I am referring, of course, to a Silicon Valley type, who have honed the little sh%$ to a fine edge.
Specifically, I am referring to to Peter Thiel, who is literally a vampire who wants to use the blood of the young to extend his lifespan.
The latest bit of evil is his funding “patently unethical” human experimentation, specifically testing a live virus vaccine without any regulatory oversight on the island of St. Kitts:
Heavyweight tech investor and FDA-critic Peter Thiel is among conservative funders and American researchers backing an offshore herpes vaccine trial that blatantly flouts US safety regulations, according to a Monday report by Kaiser Health News.
The vaccine—a live but weakened herpes virus—was first tested in a 17-person trial on the Caribbean Island of St. Kitts without federal oversight or the standard human safety requirement of an institutional review board (IRB) approval. Biomedical researchers and experts have sharply rebuked the lack of safety oversight and slammed the poor quality of the data collected, which has been rejected from scientific publication. However, investors and those running the trial say it is a direct challenge to what they see as innovation-stifling regulations by the Food and Drug Administration.
Madden, Thiel, and other investors have invested $7 million into the vaccine’s development, according to Rational Vaccines, the company orchestrating the trial. Though Thiel could not be reached for comment, he has been openly critical of the FDA’s review process. At one point, he claimed that the agency’s processes were so overbearing that “you would not be able to invent the polio vaccine today.”
The lead researcher behind the vaccine, William Halford, formerly of Southern Illinois University, made similar claims. In a positive university press release, Halford was quoted as saying: “Many of the virus vaccines we currently put in our kids—chickenpox, mumps, measles, and rubella—were developed using live-attenuated viruses in the ’50s, ’60s and ’70s when the regulatory landscape was more relaxed… and they have worked remarkably well.”

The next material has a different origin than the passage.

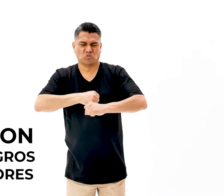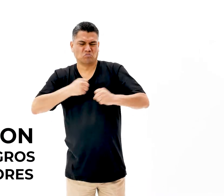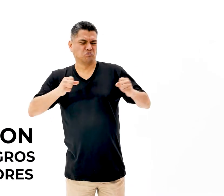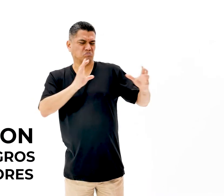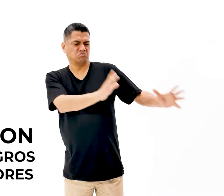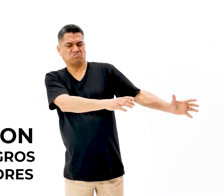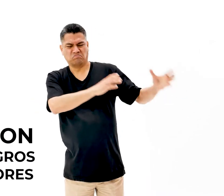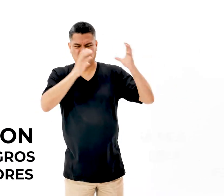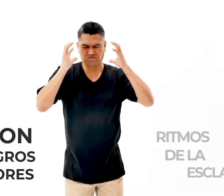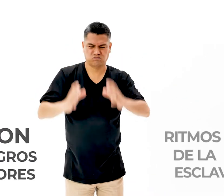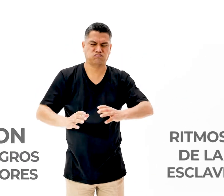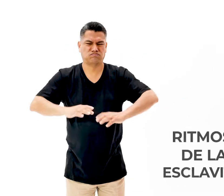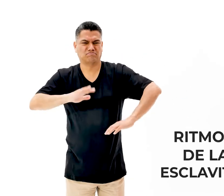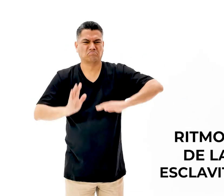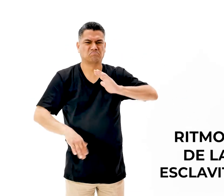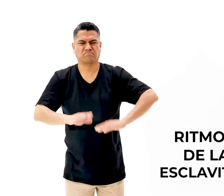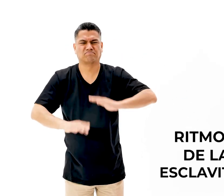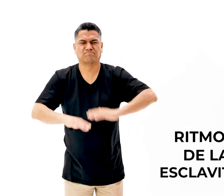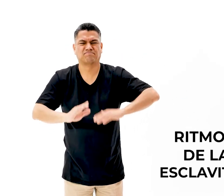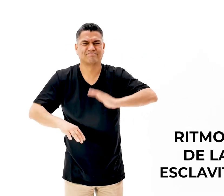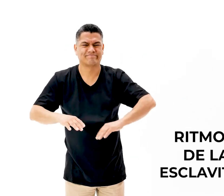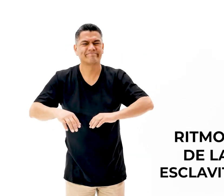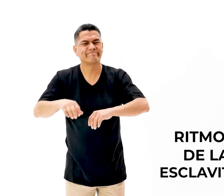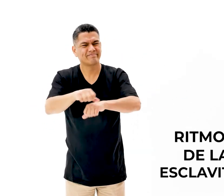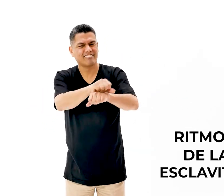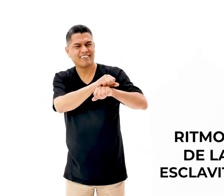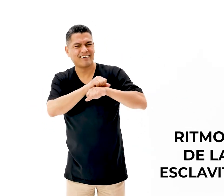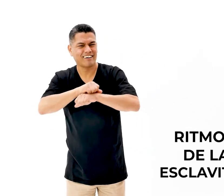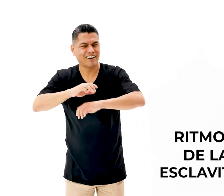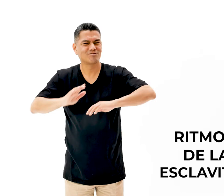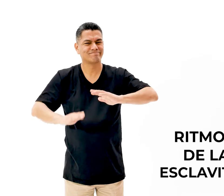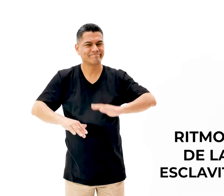tambores, ritmos de la esclavitud.

He went on to suggest that the FDA has made “barriers too high” and that countries with less regulation were better for vaccine and drug development. “There are governments around the world that the WHO [World Health Organization] has approved for vaccine development,” he said. “We’re talking to those types of governments.”
Other researchers and experts strongly disagreed with Halford’s stance and handling of a live, attenuated virus vaccine, which can cause infections in the uninfected or severe side-effects in those already infected. “What they’re doing is patently unethical,” Jonathan Zenilman, chief of Johns Hopkins Bayview Medical Center’s Infectious Diseases Division, told KHN. “There’s a reason why researchers rely on these protections. People can die.”
Robert Califf, who served as FDA commissioner during the Obama era, agreed. “There’s a tradition of having oversight of human experimentation, and it exists for good reasons,” he said. “It may be legal to be doing it without oversight, but it’s wrong.”
A spokesperson for Southern Illinois University, one of the vaccine’s patent holders, said that the university has no legal responsibility to ensure proper safety protocols for the trial. However, after questions about the lack of IRB [Institutional Review Board] approval (a federal requirement), the spokesperson said that the university would “take this opportunity to review our internal processes to ensure we are following best practices.”
In addition to the quality of the study being so poor that it was refused for publication, there are also reports of skin lesions from a study size of only 17 patients.
I would have thought that this would have merited a visit from the FDA, and possibly an FBI investigation for conspiracy, but it appears that the rules do not apply to rich people, which is an even bigger problem.